Some campuses provide lists (*) of banned words together with approved substitutes. For example: “dysfunctional family” instead of “broken home,” “same gender loving” instead of “homosexual,” “non discretionary fragrance” instead of body odor,” “ethically disoriented” for “dishonest,” “chemically inconvenienced” for “drunk,” “rain forest “ for “jungle,” “involuntarily leisured” for “unemployed,” “nonspecifically destinationed individual” for “vagrant,” and “differently logical” for “wrong.”

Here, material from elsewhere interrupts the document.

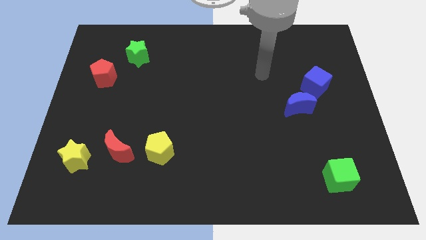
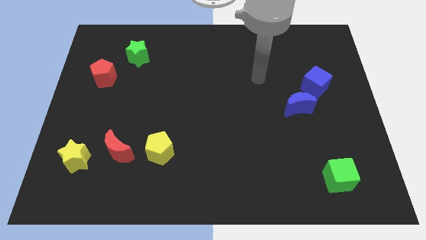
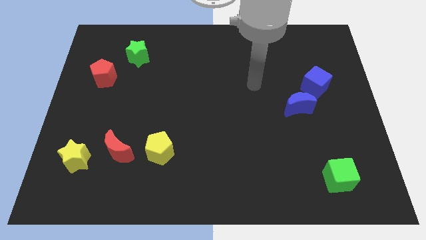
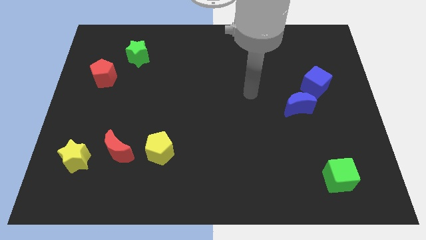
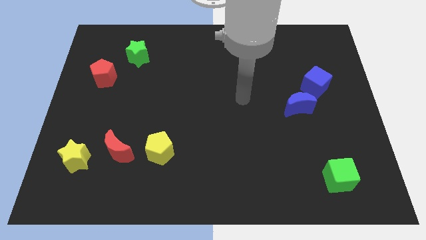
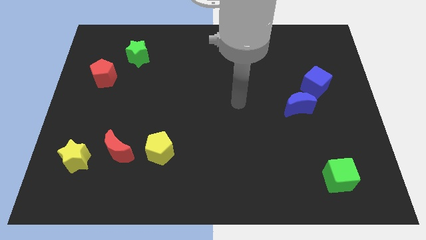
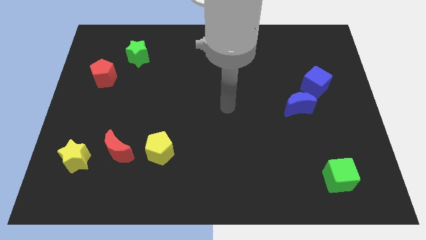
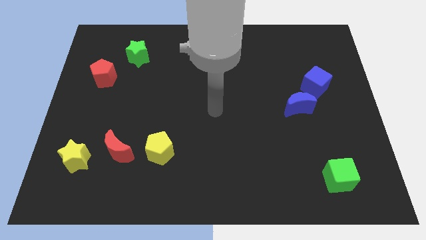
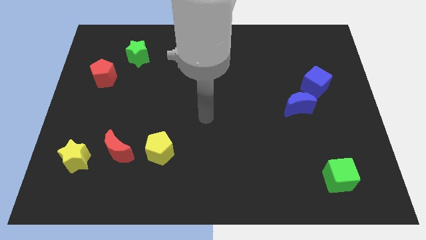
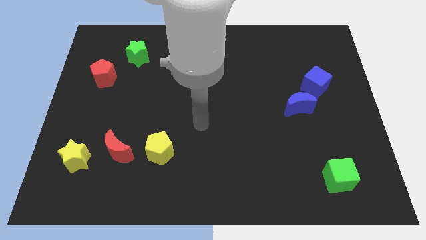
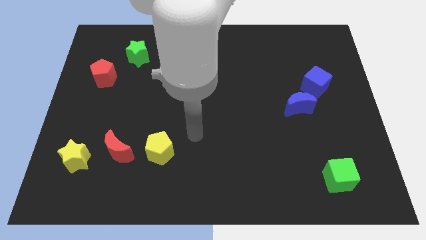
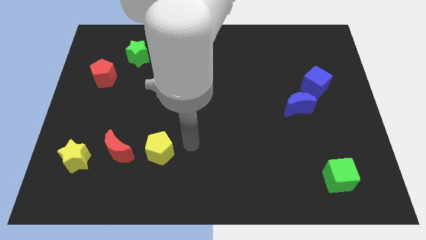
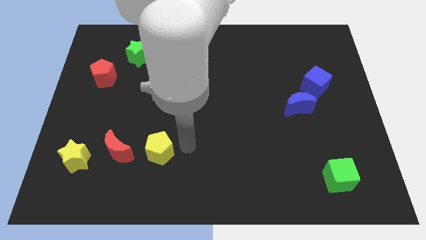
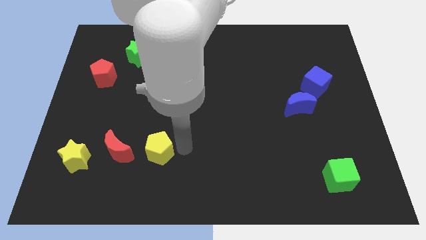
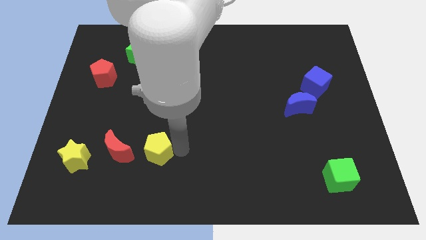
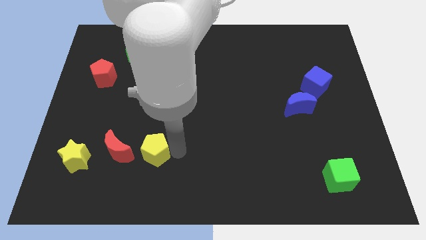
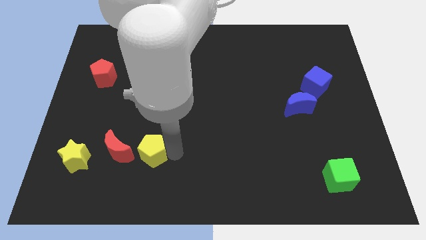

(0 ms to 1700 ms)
put the yellow pentagon right of the yellow star

How can the phenomenon of hypersensitivity be explained? Perhaps there is no definitive answer to this question, but I believe the following are possible causes:

  • For two or three generations, American youth have been been told to feel good about themselves and have discovered that when their behavior gives them little justification for that feeling, they can achieve a similar one by complaining about others’ faults.
  • The same generations have been persuaded that they have innumerable personal rights but no personal responsibilities. As a result, they sincerely believe that fairness and a generous spirit are something they are supremely entitled to receive but not required to offer to others.
  • They were also led to believe that if they praise “diversity” and “tolerance” in every second sentence and condemn “divisiveness” and “intolerance” in every third sentence, others will ignore their incivility.

Though highly contagious, hypersensitivity is easily cured. One need only exercise a modicum of self-control, broaden his or her perspective, and get a life.

Note: The above list (*) was compiled in the U.K. rather than in the U.S. and I suspect a few of the entries may be invented; nevertheless, they serve to illustrate the spirit of political correctness.